**ASSIGNED TASK:** Keep every line of the data below that has the string "near" and present those lines.

====== SUPPLIED DATA ======

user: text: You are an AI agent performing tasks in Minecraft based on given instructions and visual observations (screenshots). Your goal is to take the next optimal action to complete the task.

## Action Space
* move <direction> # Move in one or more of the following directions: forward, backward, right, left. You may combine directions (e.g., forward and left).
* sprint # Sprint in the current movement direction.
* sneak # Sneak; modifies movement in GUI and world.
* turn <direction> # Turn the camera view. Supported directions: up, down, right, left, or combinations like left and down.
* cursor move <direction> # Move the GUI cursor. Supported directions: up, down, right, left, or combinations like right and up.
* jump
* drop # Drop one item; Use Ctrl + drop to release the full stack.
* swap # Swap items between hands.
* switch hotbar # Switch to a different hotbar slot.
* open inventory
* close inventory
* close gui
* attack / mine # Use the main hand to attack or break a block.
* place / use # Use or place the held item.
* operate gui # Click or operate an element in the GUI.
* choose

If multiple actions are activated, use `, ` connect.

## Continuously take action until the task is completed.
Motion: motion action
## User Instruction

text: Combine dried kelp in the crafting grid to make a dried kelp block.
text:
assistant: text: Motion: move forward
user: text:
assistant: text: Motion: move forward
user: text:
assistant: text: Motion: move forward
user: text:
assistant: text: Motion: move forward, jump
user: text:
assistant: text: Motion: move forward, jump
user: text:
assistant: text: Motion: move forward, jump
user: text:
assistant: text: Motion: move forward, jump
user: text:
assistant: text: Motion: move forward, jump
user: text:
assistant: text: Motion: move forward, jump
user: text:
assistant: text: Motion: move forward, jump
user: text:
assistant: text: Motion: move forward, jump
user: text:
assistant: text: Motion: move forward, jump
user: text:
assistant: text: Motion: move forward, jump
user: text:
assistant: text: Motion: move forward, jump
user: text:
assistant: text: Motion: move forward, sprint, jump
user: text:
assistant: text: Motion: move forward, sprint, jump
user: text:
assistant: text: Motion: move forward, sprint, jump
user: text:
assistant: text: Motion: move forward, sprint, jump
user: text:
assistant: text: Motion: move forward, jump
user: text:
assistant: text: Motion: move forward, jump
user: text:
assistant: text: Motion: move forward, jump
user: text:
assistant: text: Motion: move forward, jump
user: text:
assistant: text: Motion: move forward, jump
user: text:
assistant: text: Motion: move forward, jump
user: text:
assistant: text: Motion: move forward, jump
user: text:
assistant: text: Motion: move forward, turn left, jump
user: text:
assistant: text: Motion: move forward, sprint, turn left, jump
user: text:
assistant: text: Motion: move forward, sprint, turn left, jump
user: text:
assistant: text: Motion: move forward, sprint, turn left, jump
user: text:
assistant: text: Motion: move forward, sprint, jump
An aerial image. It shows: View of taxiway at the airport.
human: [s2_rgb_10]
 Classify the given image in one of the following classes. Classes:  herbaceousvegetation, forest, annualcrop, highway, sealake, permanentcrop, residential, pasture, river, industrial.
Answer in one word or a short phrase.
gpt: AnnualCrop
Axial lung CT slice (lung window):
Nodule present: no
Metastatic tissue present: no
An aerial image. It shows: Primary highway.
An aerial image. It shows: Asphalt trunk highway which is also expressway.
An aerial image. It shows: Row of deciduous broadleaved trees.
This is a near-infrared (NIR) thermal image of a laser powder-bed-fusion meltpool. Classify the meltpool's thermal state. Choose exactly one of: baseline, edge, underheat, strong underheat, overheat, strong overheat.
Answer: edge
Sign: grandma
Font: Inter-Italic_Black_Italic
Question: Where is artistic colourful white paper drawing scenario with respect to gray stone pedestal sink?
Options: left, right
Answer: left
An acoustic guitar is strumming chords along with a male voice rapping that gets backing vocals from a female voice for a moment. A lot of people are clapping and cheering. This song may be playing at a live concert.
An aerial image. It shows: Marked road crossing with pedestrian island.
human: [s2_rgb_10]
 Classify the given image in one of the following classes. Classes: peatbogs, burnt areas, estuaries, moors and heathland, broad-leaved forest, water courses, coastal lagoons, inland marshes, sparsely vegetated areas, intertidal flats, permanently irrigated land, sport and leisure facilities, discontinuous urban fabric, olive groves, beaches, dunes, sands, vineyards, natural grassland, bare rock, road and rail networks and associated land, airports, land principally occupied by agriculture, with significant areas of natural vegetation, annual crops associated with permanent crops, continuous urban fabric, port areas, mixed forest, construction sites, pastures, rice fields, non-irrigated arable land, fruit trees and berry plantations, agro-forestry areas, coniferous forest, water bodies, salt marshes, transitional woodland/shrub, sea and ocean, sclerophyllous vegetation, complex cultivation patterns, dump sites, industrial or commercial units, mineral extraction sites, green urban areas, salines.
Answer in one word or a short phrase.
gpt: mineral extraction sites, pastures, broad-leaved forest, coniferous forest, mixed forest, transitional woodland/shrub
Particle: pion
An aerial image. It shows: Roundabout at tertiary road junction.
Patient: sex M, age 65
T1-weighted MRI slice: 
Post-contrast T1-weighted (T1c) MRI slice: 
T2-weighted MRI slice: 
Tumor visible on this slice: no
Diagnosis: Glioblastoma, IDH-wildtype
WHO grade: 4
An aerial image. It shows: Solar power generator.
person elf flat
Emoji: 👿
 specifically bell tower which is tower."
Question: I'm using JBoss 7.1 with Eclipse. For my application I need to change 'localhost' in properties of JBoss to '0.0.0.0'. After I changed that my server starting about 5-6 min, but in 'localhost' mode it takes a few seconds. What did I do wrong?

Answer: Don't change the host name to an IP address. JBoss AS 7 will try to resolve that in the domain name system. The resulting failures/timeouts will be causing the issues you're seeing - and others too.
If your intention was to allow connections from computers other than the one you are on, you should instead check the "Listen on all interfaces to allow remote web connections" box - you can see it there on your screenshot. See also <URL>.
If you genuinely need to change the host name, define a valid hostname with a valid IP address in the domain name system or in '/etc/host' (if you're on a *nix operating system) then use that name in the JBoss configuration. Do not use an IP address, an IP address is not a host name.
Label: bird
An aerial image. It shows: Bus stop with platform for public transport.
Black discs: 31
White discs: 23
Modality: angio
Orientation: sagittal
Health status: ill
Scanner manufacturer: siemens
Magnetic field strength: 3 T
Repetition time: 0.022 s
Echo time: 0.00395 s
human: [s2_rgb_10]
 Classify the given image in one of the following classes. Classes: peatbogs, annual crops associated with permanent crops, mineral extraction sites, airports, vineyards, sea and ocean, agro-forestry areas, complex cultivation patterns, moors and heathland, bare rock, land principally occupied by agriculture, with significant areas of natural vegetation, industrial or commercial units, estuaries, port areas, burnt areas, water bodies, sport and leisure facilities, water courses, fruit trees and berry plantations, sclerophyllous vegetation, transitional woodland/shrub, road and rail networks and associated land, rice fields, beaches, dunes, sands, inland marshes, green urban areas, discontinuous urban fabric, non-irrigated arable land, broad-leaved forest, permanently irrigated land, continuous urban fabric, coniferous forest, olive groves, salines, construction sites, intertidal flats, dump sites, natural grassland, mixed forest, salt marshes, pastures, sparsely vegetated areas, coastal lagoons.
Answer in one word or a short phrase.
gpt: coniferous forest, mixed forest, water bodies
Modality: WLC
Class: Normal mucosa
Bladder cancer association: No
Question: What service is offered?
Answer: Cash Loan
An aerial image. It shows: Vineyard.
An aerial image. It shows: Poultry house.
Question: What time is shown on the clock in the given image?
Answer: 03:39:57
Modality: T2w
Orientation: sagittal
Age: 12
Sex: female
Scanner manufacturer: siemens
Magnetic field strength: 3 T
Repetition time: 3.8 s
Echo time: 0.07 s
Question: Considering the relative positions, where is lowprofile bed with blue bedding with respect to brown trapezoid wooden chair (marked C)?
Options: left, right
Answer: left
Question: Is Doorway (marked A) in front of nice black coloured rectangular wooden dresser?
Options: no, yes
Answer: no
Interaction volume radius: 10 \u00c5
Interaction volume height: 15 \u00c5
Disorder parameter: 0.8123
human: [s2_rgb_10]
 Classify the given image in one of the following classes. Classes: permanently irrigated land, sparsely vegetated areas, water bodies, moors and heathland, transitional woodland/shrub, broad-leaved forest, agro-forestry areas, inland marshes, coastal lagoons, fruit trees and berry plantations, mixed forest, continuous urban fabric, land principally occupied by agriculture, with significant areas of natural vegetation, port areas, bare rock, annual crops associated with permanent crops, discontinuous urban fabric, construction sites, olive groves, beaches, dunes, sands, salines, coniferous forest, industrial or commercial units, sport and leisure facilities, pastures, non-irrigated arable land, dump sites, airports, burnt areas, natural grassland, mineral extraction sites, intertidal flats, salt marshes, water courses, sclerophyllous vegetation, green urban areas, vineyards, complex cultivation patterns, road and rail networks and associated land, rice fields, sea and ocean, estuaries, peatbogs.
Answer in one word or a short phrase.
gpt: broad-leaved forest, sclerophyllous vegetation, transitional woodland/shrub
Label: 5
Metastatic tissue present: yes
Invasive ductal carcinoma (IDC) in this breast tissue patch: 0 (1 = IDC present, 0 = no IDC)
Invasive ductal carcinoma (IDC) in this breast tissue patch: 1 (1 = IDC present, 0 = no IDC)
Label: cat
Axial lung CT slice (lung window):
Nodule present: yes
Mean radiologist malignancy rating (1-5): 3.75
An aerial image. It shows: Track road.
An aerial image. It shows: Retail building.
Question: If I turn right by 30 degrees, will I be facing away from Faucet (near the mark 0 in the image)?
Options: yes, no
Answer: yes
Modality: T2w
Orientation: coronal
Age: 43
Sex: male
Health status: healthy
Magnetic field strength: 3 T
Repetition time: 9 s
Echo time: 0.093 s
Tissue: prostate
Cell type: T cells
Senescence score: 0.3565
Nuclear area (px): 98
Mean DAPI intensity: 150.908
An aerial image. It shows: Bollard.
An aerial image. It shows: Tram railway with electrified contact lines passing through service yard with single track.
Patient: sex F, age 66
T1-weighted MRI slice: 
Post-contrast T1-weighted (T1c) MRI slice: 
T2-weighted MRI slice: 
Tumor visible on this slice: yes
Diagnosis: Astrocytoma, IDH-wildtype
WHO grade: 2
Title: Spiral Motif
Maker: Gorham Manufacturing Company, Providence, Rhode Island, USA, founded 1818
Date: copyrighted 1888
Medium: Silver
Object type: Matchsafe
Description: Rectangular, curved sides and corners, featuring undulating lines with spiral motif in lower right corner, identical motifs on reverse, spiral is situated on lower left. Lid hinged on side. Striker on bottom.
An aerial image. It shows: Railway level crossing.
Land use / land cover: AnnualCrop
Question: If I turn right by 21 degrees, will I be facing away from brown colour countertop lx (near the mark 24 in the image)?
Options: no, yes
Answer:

======

**PROBLEM SOLUTION:**
This is a near-infrared (NIR) thermal image of a laser powder-bed-fusion meltpool. Classify the meltpool's thermal state. Choose exactly one of: baseline, edge, underheat, strong underheat, overheat, strong overheat.
Question: If I turn right by 30 degrees, will I be facing away from Faucet (near the mark 0 in the image)?
Question: If I turn right by 21 degrees, will I be facing away from brown colour countertop lx (near the mark 24 in the image)?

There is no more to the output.